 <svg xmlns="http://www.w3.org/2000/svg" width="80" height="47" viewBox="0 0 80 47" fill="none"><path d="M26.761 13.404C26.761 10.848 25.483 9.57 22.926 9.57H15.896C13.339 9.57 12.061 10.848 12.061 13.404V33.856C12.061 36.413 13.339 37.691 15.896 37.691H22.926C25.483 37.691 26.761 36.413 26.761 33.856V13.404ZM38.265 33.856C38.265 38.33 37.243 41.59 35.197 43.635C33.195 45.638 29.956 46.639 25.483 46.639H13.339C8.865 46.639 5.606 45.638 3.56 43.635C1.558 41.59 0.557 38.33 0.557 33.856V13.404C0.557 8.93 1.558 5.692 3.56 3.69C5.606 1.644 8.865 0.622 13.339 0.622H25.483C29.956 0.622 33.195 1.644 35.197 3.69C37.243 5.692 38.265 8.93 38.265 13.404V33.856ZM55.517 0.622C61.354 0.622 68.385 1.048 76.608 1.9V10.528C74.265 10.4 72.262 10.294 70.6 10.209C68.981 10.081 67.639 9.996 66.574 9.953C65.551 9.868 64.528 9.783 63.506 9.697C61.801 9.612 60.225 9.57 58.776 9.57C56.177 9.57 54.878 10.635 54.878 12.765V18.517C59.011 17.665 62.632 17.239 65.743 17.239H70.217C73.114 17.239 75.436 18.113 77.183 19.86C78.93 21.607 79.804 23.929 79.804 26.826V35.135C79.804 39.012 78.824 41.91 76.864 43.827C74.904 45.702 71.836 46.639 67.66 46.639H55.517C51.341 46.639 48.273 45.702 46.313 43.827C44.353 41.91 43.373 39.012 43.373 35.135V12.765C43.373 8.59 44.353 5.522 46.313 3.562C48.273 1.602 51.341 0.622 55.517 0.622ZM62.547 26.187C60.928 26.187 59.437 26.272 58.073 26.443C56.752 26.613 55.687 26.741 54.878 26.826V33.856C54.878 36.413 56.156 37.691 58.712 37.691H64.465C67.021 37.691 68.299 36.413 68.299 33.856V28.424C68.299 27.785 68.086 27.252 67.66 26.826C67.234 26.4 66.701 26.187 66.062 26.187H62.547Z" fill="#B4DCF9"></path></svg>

== == ==

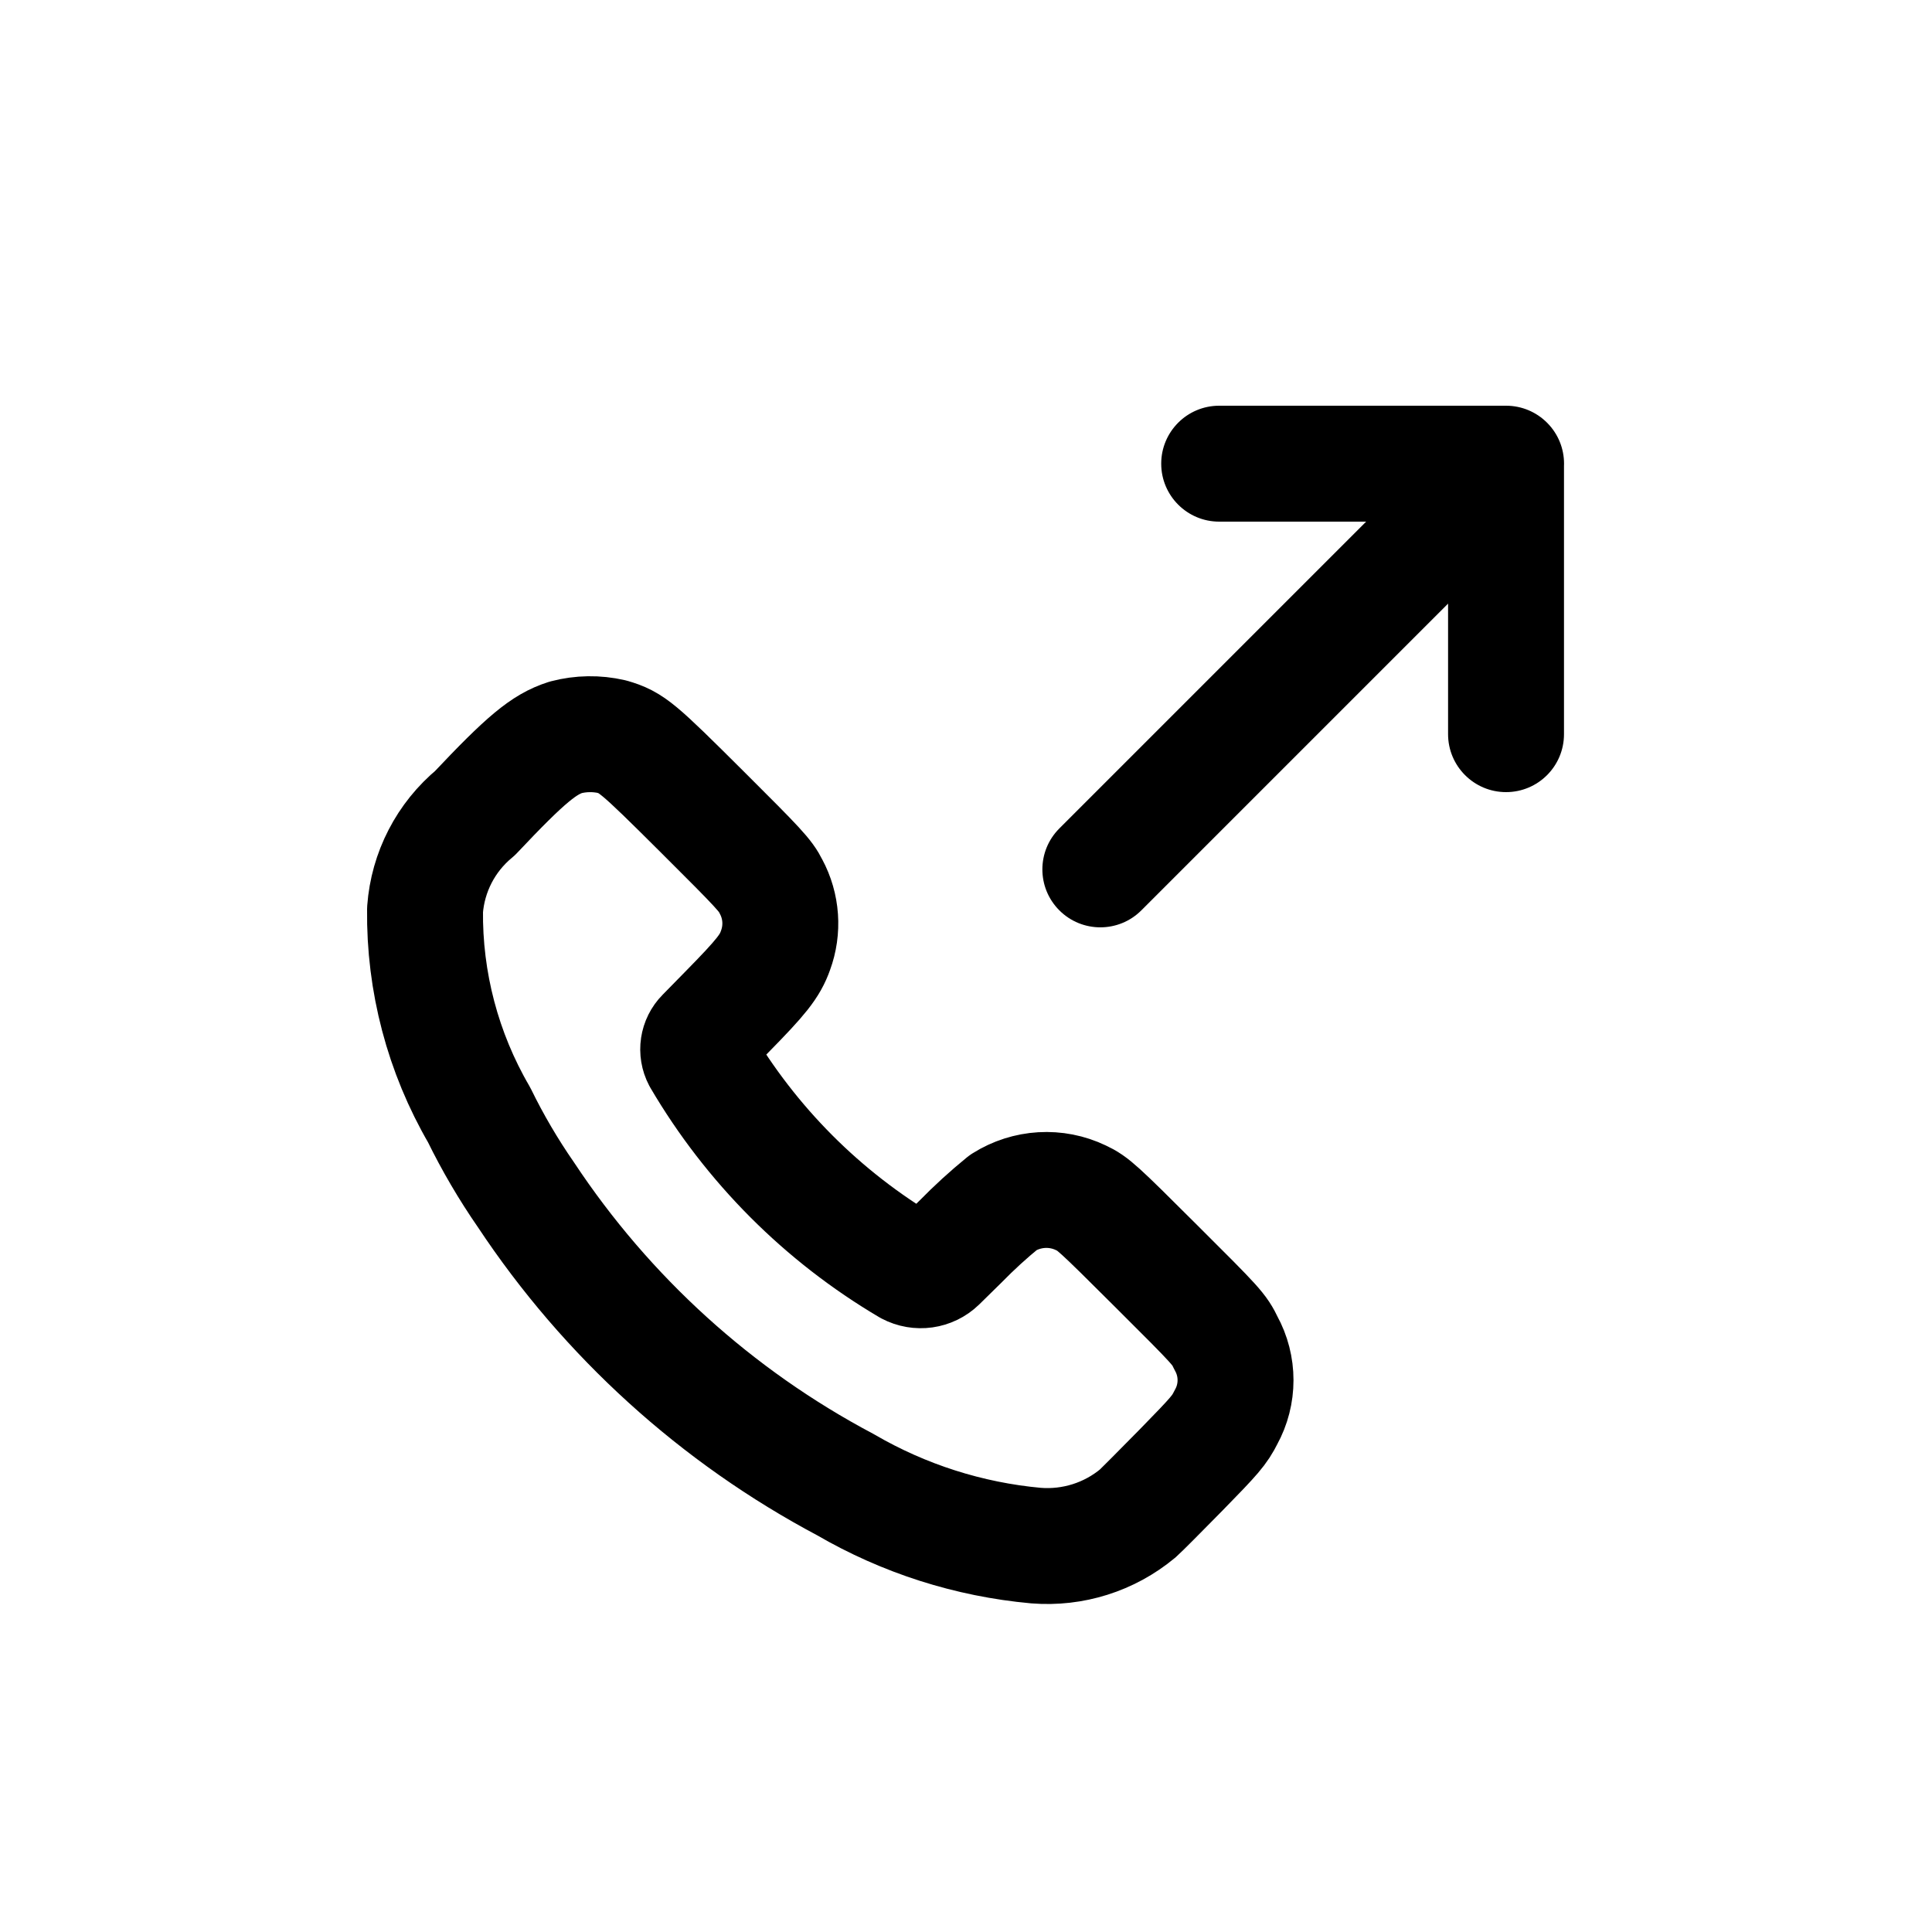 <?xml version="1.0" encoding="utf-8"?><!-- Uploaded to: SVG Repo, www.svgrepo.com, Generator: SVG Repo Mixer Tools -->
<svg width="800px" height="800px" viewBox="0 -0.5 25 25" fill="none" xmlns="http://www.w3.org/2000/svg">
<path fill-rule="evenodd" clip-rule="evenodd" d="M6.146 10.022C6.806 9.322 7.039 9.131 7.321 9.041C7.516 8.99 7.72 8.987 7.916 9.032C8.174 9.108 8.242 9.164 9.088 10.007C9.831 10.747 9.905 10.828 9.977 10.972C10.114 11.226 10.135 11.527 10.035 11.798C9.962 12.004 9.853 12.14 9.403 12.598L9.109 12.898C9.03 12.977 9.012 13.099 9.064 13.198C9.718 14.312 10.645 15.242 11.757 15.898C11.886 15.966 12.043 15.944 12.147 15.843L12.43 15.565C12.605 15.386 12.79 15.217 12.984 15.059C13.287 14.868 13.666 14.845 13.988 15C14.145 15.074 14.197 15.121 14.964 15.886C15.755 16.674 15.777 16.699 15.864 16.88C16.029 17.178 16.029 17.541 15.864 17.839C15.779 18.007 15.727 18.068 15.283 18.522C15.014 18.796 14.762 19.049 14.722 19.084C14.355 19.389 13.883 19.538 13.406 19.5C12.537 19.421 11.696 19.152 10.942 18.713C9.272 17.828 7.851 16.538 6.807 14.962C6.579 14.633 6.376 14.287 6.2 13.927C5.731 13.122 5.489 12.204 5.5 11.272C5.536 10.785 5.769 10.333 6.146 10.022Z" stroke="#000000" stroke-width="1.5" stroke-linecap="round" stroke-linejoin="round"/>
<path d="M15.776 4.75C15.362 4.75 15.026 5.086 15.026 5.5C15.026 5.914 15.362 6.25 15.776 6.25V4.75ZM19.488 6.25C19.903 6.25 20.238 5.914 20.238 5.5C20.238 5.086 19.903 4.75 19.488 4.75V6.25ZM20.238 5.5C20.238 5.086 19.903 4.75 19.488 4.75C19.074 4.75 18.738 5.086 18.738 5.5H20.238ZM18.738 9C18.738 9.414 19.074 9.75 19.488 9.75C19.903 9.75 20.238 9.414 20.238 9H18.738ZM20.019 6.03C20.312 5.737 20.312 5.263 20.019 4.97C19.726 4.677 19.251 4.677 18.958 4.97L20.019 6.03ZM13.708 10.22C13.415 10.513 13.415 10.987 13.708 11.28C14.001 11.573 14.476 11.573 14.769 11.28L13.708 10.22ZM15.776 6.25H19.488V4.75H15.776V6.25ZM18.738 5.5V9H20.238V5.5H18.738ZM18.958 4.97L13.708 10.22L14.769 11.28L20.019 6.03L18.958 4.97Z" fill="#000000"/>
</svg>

== == ==

#### GOAL OF THE EXERCISE:
Every line in the material above that has the word "none" should be copied.

#### RESPONSE TO THIS TASK:
 <svg xmlns="http://www.w3.org/2000/svg" width="80" height="47" viewBox="0 0 80 47" fill="none"><path d="M26.761 13.404C26.761 10.848 25.483 9.57 22.926 9.57H15.896C13.339 9.57 12.061 10.848 12.061 13.404V33.856C12.061 36.413 13.339 37.691 15.896 37.691H22.926C25.483 37.691 26.761 36.413 26.761 33.856V13.404ZM38.265 33.856C38.265 38.33 37.243 41.59 35.197 43.635C33.195 45.638 29.956 46.639 25.483 46.639H13.339C8.865 46.639 5.606 45.638 3.56 43.635C1.558 41.59 0.557 38.33 0.557 33.856V13.404C0.557 8.93 1.558 5.692 3.56 3.69C5.606 1.644 8.865 0.622 13.339 0.622H25.483C29.956 0.622 33.195 1.644 35.197 3.69C37.243 5.692 38.265 8.93 38.265 13.404V33.856ZM55.517 0.622C61.354 0.622 68.385 1.048 76.608 1.9V10.528C74.265 10.4 72.262 10.294 70.6 10.209C68.981 10.081 67.639 9.996 66.574 9.953C65.551 9.868 64.528 9.783 63.506 9.697C61.801 9.612 60.225 9.57 58.776 9.57C56.177 9.57 54.878 10.635 54.878 12.765V18.517C59.011 17.665 62.632 17.239 65.743 17.239H70.217C73.114 17.239 75.436 18.113 77.183 19.86C78.93 21.607 79.804 23.929 79.804 26.826V35.135C79.804 39.012 78.824 41.91 76.864 43.827C74.904 45.702 71.836 46.639 67.66 46.639H55.517C51.341 46.639 48.273 45.702 46.313 43.827C44.353 41.91 43.373 39.012 43.373 35.135V12.765C43.373 8.59 44.353 5.522 46.313 3.562C48.273 1.602 51.341 0.622 55.517 0.622ZM62.547 26.187C60.928 26.187 59.437 26.272 58.073 26.443C56.752 26.613 55.687 26.741 54.878 26.826V33.856C54.878 36.413 56.156 37.691 58.712 37.691H64.465C67.021 37.691 68.299 36.413 68.299 33.856V28.424C68.299 27.785 68.086 27.252 67.66 26.826C67.234 26.4 66.701 26.187 66.062 26.187H62.547Z" fill="#B4DCF9"></path></svg>
<svg width="800px" height="800px" viewBox="0 -0.5 25 25" fill="none" xmlns="http://www.w3.org/2000/svg">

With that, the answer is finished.